In this study, the Mann–Kendall trend and Sen’s slope methods were used to investigate the temporal–spatial trends, rainfall variability and erosivity index for 13 rainfall stations in which each station provided data for over a 30-year period in the Epitácio Pessoa reservoir catchment. This work confirms the large spatial variability of trends in rainfall. Based on the results obtained, positive and negative trends were identified. The low spatial coherence of the trends found in the time series is consistent with the mixed pattern of positive and negative changes at the global scale, especially those identified in northeastern Brazil. The Mann–Kendall and Sen’s tests showed significant (downward) trends at the 15% significance level at the Camalaú, Barra de São Miguel and Prata stations. Exceptions were recorded in the other stations, whose trend tests were not statistically significant and in which changes in the time series occurred in different periods. The most noteworthy results observed were that (a) most of the calculated trend slopes are statistically nonsignificant and less than 25% of them are statistically significant at α = 0.15 and (b) the distribution of negative and positive trend slopes in the catchment is extremely irregular. The nonparametric Mann–Kendall test used in this study allowed a more comprehensive analysis of the climatic trends of rainfall time series, providing important information to help support more conclusive conclusions about the anomalies observed in some climatic parameters.

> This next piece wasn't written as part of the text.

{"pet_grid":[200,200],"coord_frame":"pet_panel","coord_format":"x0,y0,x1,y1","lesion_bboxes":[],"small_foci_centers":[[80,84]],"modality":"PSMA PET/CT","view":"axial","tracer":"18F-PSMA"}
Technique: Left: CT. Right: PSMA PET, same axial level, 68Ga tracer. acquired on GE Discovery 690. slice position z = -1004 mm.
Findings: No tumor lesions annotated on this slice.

Erosivity is the core driver of most soil erosion processes through its influence on particle detachment and overland flow in the region. There were no trends of erosivity and reduced rainfall in the eastern portion of the study area for the wet season, with a stronger core at the Camalaú station, while such trends occurred in the dry season in the western portion. These results need to be combined with information on land use in the catchment to identify possible causes of this variation. For example, if other methods were used to fill the gaps of missing data or rainfall data from other sources were used, the results may be affected.